• Problem statement:
The following entries are to be repeated exactly, and the pictures are to be left behind.
┏━━
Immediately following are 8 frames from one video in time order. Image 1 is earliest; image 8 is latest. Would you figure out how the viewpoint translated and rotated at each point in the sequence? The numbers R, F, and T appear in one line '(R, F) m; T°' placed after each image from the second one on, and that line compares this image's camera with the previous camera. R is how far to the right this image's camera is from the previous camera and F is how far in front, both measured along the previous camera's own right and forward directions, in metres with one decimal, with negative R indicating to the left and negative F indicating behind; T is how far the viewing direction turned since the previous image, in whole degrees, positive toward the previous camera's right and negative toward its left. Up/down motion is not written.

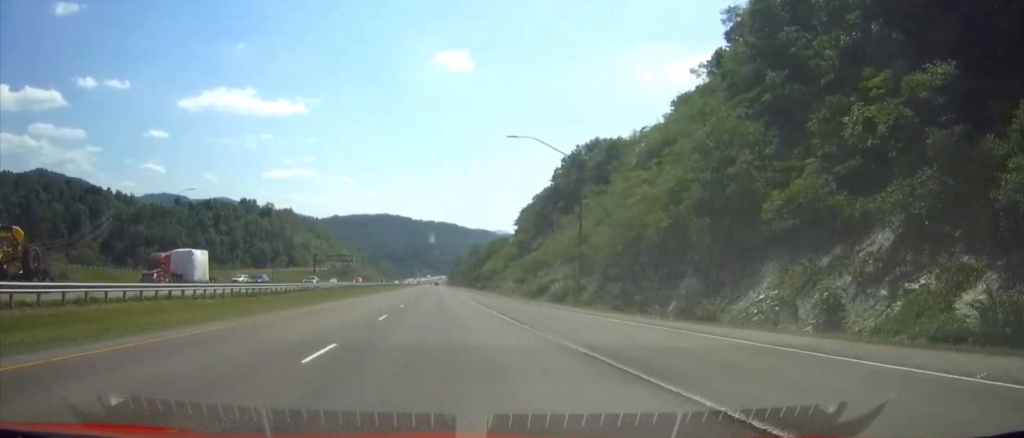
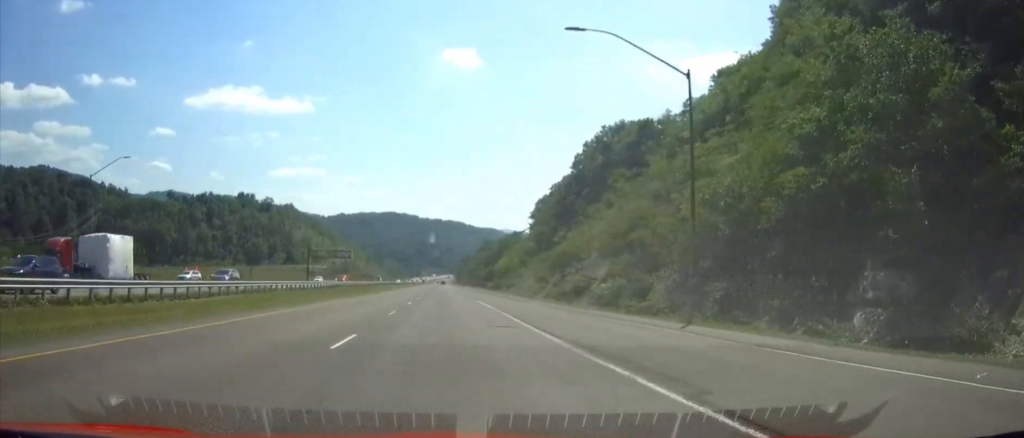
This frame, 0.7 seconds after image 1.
(-0.2, +22.7) m; 0°
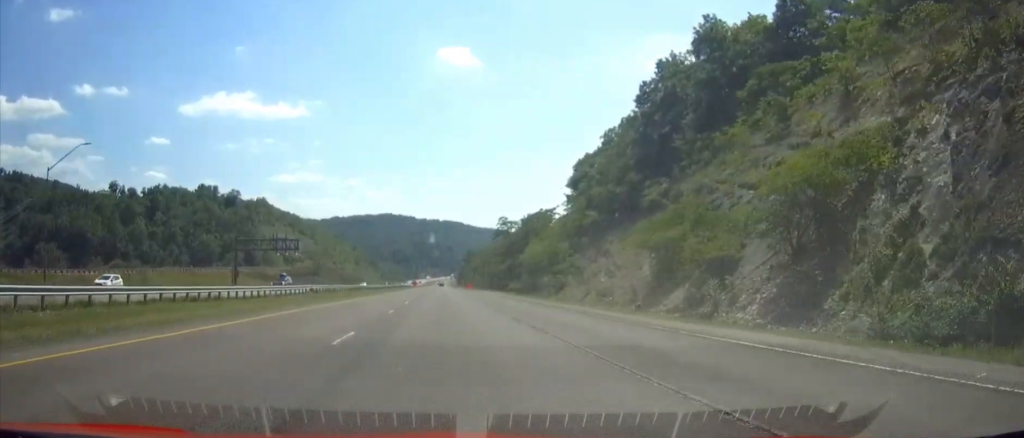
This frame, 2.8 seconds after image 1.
(-0.1, +72.2) m; 0°
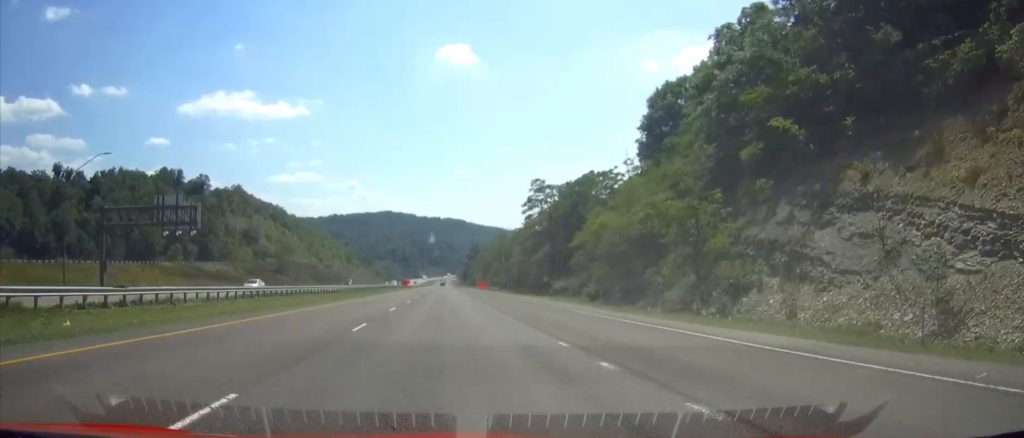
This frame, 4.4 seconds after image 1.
(+0.1, +57.7) m; 0°
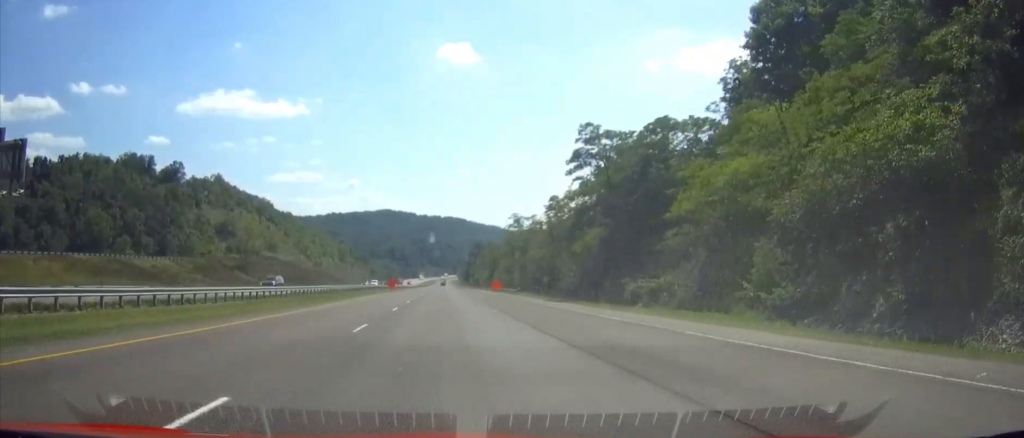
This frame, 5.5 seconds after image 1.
(-0.1, +37.0) m; 0°
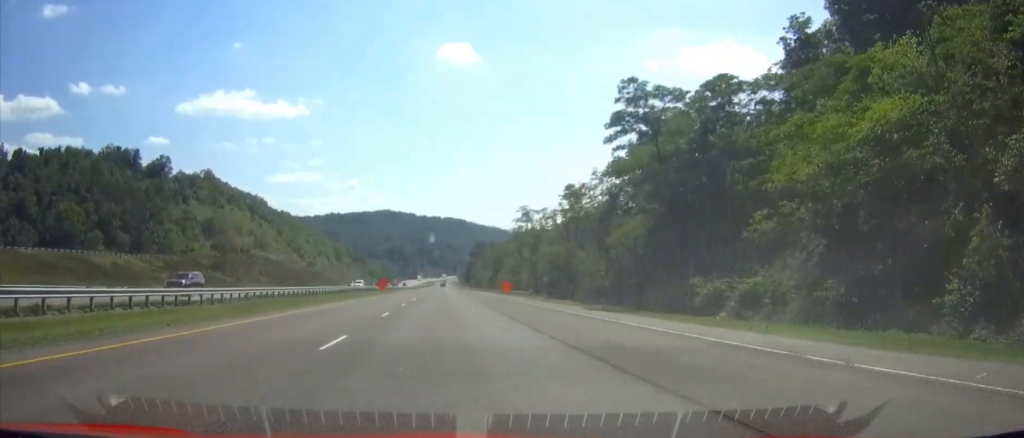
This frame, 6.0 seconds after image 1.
(0.0, +16.2) m; 0°
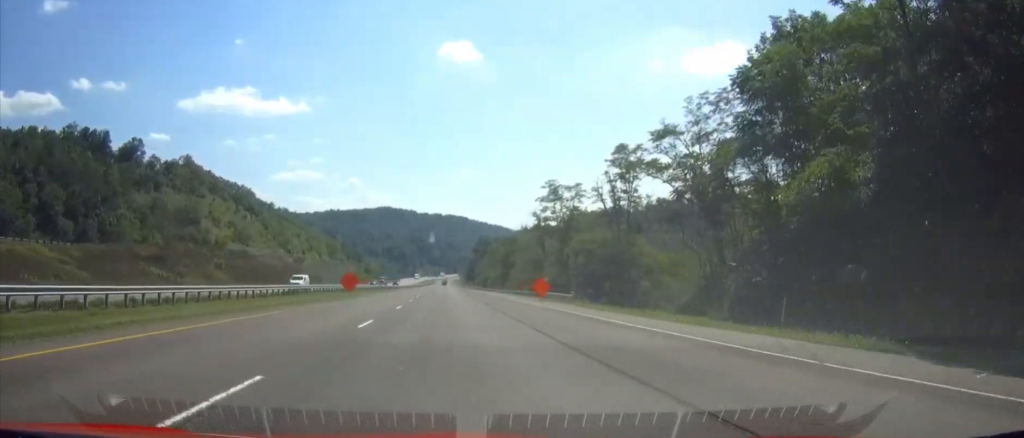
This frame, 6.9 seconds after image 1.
(0.0, +31.3) m; 0°
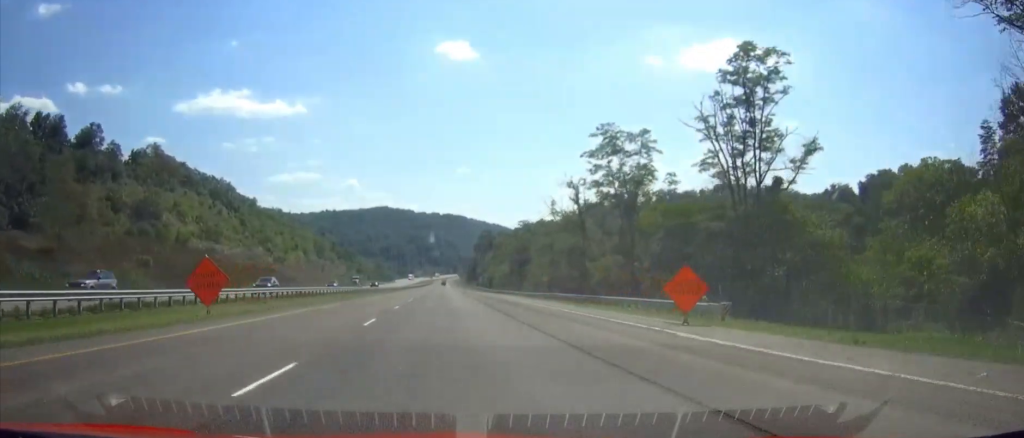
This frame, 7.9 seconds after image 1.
(+0.1, +34.9) m; 0°
┗━━
• Expected answer:
Immediately following are 8 frames from one video in time order. Image 1 is earliest; image 8 is latest. Would you figure out how the viewpoint translated and rotated at each point in the sequence? The numbers R, F, and T appear in one line '(R, F) m; T°' placed after each image from the second one on, and that line compares this image's camera with the previous camera. R is how far to the right this image's camera is from the previous camera and F is how far in front, both measured along the previous camera's own right and forward directions, in metres with one decimal, with negative R indicating to the left and negative F indicating behind; T is how far the viewing direction turned since the previous image, in whole degrees, positive toward the previous camera's right and negative toward its left. Up/down motion is not written.

This frame, 0.7 seconds after image 1.
(-0.2, +22.7) m; 0°
This frame, 2.8 seconds after image 1.
(-0.1, +72.2) m; 0°
This frame, 4.4 seconds after image 1.
(+0.1, +57.7) m; 0°
This frame, 5.5 seconds after image 1.
(-0.1, +37.0) m; 0°
This frame, 6.0 seconds after image 1.
(0.0, +16.2) m; 0°
This frame, 6.9 seconds after image 1.
(0.0, +31.3) m; 0°
This frame, 7.9 seconds after image 1.
(+0.1, +34.9) m; 0°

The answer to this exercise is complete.